The Joint List, an alliance of three Arab parties—Hadash, Ta’al and Balad—cracked up in dramatic fashion mere hours before the midnight deadline for parties to submit their final Knesset lists ahead of the upcoming election on Nov. 1. While there is debate about the reasons behind the split, analysts say the development likely will benefit opposition leader Benjamin Netanyahu in his bid to return to the prime minister’s chair.
Hadash-Ta’al will continue to run together, but Balad will run separately. The development puts Balad’s future in jeopardy, with a Channel 11 poll published following the split showing the smaller Arab party failing to garner enough votes (the minimum threshold is 3.25% of the total vote) to enter the Knesset.
“Presumably it improves the chances of a right-wing government,” Hillel Frisch, an Arab affairs analyst at the Jerusalem Institute for Strategy and Security (JISS), told JNS. “So far the polls have shown that the Joint List split raises the right-wing coalition from 57 seats to 60 seats. That is, however, still short of the 61-seat majority they need.”
Michael Milstein, head of the Palestinian Studies Forum at the Moshe Dayan Center at Tel Aviv University, told JNS that the breakup of the Joint List is a major development.
“Balad will get [votes equivalent to] maybe two seats, which means that they cannot get into the Knesset, because the limit is four seats. And it means that actually two seats are going to move to the right. So Balad is having a major impact on the whole political arena and the results of the election,” he said.
Milstein expects pressure to come to bear on Balad to pull out of the race so as not to throw away votes, with that pressure intensifying in the final weeks of the campaign. But he said it’s unlikely Balad’s leader, Sami Abu Shehadeh, will budge. He’s “hard-core and very ideological,” said Milstein.
While Frisch and Milstein agreed on the benefits to the national camp from the Joint List’s dissolution, they disagreed about the motives behind it. Both agreed that it was partly based on a practical argument over the No. 6 slot on the party list.
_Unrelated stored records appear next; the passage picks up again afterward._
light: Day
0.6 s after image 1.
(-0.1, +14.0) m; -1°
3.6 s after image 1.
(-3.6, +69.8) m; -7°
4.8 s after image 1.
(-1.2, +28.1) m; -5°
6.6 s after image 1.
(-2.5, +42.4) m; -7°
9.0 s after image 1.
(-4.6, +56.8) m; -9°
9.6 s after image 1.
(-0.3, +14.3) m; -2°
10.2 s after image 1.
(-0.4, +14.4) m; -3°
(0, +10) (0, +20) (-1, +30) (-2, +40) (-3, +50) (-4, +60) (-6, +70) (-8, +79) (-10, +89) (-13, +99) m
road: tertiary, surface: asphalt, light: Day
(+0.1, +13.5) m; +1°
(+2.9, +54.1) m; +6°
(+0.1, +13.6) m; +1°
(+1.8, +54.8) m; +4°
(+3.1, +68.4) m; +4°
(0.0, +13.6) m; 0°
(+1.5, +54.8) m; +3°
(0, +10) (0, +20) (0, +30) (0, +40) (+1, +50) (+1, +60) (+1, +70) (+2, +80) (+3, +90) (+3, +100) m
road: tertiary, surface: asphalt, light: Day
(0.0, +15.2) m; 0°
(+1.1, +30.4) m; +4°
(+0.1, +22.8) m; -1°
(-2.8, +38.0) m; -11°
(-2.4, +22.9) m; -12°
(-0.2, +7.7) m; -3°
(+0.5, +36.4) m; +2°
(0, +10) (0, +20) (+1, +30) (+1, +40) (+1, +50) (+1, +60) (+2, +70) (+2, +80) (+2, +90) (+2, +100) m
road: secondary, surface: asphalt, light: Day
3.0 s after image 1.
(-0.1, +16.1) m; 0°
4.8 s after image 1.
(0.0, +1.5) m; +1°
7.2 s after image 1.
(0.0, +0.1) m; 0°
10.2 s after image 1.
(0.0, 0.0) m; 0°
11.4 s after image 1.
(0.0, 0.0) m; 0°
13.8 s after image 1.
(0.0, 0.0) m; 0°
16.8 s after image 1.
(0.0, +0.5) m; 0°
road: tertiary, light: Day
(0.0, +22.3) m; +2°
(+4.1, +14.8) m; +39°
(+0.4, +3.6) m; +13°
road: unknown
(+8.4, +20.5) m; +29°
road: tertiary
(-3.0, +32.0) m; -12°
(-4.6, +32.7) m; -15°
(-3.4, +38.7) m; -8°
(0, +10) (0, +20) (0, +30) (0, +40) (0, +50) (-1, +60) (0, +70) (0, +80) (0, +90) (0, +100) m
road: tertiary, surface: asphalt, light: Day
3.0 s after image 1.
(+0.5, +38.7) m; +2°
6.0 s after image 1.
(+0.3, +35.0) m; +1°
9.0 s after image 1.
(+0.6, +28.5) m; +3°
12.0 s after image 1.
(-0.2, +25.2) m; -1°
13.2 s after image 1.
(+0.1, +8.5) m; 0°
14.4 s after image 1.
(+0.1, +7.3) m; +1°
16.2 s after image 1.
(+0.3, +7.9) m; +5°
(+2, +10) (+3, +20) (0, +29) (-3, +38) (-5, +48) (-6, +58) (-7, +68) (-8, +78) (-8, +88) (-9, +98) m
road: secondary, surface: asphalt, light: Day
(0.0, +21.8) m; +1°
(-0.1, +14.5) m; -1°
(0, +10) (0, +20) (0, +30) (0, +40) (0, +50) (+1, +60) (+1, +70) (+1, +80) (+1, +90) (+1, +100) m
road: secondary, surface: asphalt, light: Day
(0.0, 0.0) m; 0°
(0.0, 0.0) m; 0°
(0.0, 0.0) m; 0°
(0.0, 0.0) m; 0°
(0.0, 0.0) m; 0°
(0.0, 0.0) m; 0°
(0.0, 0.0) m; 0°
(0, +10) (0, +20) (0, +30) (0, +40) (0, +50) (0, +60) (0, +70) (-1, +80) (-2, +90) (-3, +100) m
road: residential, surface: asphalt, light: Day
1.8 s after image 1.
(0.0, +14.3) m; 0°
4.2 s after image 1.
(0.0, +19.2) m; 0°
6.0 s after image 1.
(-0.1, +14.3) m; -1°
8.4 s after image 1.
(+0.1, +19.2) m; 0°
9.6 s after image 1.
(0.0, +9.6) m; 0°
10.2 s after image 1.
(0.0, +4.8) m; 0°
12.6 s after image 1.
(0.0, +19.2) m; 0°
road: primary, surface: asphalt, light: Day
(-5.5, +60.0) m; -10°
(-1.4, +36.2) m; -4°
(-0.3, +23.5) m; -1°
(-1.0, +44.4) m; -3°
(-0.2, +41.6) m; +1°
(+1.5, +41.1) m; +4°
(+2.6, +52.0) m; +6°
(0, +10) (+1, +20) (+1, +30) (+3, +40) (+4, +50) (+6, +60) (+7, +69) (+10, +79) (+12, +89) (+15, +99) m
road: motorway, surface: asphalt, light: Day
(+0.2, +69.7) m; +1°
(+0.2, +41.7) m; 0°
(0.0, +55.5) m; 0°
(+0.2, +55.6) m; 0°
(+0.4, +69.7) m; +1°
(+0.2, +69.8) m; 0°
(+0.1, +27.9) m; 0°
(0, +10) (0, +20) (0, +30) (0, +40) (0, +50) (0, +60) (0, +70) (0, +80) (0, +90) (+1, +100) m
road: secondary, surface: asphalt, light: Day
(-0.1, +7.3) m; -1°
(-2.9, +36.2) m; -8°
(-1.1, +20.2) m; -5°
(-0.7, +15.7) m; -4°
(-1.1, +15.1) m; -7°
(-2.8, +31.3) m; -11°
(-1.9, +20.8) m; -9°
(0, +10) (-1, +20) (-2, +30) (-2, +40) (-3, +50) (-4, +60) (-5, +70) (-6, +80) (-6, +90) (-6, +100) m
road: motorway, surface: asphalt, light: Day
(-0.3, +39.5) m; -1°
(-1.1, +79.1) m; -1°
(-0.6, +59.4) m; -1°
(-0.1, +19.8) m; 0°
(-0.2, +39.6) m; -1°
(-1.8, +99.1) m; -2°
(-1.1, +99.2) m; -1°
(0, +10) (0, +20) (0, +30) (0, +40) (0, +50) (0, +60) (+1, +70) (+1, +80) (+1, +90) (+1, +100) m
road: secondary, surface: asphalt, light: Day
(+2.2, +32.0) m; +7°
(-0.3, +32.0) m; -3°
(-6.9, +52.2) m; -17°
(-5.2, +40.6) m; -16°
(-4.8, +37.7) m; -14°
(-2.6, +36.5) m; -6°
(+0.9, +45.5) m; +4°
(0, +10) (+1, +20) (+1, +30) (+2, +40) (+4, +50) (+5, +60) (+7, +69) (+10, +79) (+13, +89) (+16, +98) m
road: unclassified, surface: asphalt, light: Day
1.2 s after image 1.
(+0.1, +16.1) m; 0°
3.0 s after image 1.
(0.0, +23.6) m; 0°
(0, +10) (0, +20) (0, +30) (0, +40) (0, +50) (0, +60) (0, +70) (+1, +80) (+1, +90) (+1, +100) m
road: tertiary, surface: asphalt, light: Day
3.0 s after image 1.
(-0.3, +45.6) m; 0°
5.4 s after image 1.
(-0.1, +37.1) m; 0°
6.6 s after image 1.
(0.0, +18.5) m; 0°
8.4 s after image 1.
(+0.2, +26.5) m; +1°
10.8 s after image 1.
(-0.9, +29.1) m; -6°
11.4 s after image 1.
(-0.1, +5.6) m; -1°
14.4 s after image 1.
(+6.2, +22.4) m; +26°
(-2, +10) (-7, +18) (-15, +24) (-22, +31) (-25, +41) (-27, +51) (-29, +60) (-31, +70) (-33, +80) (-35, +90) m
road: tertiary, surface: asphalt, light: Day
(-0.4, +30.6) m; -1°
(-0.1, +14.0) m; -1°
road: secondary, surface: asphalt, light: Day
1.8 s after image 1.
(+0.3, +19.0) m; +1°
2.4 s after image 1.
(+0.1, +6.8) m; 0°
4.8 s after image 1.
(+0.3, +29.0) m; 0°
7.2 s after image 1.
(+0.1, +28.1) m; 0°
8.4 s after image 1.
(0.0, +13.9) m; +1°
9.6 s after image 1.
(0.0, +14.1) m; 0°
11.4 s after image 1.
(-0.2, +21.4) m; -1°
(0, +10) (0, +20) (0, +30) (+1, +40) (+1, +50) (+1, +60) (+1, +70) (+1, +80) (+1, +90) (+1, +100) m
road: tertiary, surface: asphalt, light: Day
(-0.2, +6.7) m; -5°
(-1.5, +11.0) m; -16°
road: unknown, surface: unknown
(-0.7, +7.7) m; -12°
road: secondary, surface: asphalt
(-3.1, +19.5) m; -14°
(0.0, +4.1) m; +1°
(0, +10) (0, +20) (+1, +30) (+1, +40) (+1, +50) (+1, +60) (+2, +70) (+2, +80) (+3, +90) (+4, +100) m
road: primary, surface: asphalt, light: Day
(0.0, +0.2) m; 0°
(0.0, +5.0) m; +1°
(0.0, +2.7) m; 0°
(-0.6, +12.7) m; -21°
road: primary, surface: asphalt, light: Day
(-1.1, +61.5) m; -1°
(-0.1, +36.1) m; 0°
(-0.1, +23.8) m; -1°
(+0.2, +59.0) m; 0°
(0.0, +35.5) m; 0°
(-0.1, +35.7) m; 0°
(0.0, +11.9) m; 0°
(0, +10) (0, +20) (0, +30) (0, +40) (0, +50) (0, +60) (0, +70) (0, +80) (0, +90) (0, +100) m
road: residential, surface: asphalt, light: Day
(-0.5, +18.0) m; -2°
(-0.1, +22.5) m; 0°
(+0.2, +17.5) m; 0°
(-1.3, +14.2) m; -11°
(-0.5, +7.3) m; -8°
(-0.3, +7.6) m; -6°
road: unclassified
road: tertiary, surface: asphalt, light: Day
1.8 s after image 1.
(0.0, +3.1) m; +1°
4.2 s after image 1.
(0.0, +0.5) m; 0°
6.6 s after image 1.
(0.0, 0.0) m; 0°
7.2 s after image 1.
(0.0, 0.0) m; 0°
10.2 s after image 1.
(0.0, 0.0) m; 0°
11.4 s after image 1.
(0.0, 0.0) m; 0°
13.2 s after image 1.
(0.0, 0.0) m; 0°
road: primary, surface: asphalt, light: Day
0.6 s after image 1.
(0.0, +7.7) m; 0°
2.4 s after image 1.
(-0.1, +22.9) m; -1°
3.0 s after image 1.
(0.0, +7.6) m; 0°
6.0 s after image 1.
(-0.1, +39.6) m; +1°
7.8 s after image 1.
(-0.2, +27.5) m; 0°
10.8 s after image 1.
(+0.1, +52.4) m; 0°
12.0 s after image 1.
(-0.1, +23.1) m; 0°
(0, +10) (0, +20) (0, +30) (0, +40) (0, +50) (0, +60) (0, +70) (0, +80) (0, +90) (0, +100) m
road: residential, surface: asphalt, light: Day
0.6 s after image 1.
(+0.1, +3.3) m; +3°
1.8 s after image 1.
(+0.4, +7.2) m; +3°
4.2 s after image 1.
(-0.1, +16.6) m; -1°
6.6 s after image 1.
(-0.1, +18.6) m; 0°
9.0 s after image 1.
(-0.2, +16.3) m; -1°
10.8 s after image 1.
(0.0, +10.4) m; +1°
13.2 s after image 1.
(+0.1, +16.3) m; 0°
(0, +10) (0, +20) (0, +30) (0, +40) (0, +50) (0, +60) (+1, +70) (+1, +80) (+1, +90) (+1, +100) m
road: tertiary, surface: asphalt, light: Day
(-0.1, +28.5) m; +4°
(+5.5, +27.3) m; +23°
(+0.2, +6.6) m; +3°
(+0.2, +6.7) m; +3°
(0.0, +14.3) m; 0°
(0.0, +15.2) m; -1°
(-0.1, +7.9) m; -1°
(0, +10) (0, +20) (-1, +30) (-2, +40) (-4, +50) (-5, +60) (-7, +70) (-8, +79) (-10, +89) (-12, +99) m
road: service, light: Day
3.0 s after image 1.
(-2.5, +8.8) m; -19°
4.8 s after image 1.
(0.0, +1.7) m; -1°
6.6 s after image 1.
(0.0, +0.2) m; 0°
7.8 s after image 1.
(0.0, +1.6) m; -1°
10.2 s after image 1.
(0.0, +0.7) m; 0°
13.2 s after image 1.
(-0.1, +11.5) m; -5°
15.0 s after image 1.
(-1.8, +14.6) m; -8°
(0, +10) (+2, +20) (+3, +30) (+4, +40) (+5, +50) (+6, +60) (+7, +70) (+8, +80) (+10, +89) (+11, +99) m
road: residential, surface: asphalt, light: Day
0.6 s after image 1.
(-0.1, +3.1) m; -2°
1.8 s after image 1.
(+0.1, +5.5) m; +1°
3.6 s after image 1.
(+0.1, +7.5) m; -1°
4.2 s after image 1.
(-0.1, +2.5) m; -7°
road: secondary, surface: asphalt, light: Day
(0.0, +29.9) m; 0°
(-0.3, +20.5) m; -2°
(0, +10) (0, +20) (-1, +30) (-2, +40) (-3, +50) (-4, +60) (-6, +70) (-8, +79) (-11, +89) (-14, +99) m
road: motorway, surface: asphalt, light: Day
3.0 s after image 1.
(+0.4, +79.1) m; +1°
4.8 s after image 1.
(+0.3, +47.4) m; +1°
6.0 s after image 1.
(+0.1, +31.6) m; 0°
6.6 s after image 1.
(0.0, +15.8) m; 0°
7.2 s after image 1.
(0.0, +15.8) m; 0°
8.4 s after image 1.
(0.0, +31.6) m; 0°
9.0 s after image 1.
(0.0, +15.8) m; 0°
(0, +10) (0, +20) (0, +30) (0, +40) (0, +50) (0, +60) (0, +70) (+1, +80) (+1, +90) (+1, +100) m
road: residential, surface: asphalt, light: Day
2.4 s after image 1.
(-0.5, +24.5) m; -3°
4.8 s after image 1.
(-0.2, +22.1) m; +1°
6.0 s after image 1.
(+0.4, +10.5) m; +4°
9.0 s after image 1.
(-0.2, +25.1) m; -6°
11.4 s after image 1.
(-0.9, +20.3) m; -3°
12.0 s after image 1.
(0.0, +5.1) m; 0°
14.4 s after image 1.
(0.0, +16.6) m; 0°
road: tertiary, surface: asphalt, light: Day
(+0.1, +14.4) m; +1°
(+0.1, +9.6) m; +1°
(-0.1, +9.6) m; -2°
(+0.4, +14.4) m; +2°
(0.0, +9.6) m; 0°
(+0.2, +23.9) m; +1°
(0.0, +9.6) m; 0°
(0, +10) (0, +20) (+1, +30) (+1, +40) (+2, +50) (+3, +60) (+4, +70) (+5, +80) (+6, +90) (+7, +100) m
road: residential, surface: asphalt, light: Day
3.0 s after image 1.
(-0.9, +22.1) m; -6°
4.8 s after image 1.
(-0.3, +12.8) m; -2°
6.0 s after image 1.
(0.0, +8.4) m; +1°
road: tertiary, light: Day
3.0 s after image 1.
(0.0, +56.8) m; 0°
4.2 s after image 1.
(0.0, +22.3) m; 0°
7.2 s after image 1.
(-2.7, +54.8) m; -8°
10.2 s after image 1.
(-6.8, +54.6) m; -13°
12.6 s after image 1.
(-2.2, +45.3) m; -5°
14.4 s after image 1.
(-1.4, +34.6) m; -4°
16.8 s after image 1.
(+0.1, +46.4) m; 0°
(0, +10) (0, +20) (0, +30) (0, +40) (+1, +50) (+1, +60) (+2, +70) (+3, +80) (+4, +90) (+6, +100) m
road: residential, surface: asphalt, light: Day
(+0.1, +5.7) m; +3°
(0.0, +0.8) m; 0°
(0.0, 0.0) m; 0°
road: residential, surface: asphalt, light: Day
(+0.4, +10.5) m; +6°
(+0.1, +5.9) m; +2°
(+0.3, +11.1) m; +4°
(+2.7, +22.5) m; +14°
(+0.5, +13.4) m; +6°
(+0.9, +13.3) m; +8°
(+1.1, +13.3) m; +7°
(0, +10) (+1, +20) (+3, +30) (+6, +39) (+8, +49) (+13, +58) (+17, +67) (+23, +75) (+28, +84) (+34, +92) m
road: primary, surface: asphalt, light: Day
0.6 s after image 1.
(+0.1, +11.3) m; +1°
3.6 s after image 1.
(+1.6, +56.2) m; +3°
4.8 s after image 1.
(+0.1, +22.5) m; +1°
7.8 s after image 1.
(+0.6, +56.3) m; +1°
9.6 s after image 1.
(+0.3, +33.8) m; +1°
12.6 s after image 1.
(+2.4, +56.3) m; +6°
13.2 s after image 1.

The Balad member who occupied that spot, Mtanes Shahadeh, was moved to No. 7, Milstein said.
However, another possibility entertained by Israeli media—and which Frisch subscribes to—is that the main issue was ideological, with the Hadash and Ta’al parties warming to the idea of openly joining an Israeli government, something Balad resisted. While all three parties that made up the Joint List are “anti-state,” or anti-Zionist, Balad is considered the most extreme.
Hadash and Ta’al calculated it would be easier to make a deal with a center-left coalition without Balad, which would oppose such a move.
“Even if Balad leaders toed the line, their constituency is really radical and wouldn’t have let them,” Frisch said. “Balad is clearly caught in a bind because that constituency isn’t enough to push it past the electoral threshold.”
“Polls have shown that the overwhelming majority of Arabs not only want to endorse a government but also to become part of the coalition, as [Mansour] Abbas’s precedent showed,” Frisch added, referring to the head of the Ra’am Party, which had been part of the Joint List but broke away in 2021 to become the first Arab party in Israel’s history to join a governing coalition.
Lending further legitimacy to this version of events is that Ayman Odeh, the head of the Hadash Party, has in the past publicly entertained the idea of joining a government coalition.
However, Milstein rejects the theory, saying the “whole internal conflict” revolves around the order of candidates on the Knesset list.
“Many people here in Israel are trying to portray this event as an ideological one, [saying] that Ayman Odeh, the head of Hadash, and Ahmed Tibi, the head of Ta’al, are trying to find all kinds of ways to integrate into the political system, to promote dialogue with the Zionist parties like Yesh Atid and Gantz’s [Blue and White] party, but actually the reasons are very shallow, very narrow,” he said.
Milstein said the Joint List’s demise had been a complete surprise not only to him, but to the Arab public and even to the leaders of the party itself.
“Sometimes ego and emotional considerations are stronger than rational thinking,” he said. “I spoke with several Balad members and they all know they’re in trouble at the ballot box, but they say, ‘We are ready to fail but we will do so with pride and confidence.’ ”
Hadash-Ta’al and Ra’am also might fail to pass, he said, noting the low voter turnout expected from the Arab sector, which is fed up with its own parties. Milstein said that having no Arab representation in Israel’s parliament will exacerbate “Arab alienation” and could mark the start of greater tensions between Arab and Jews within the Jewish state.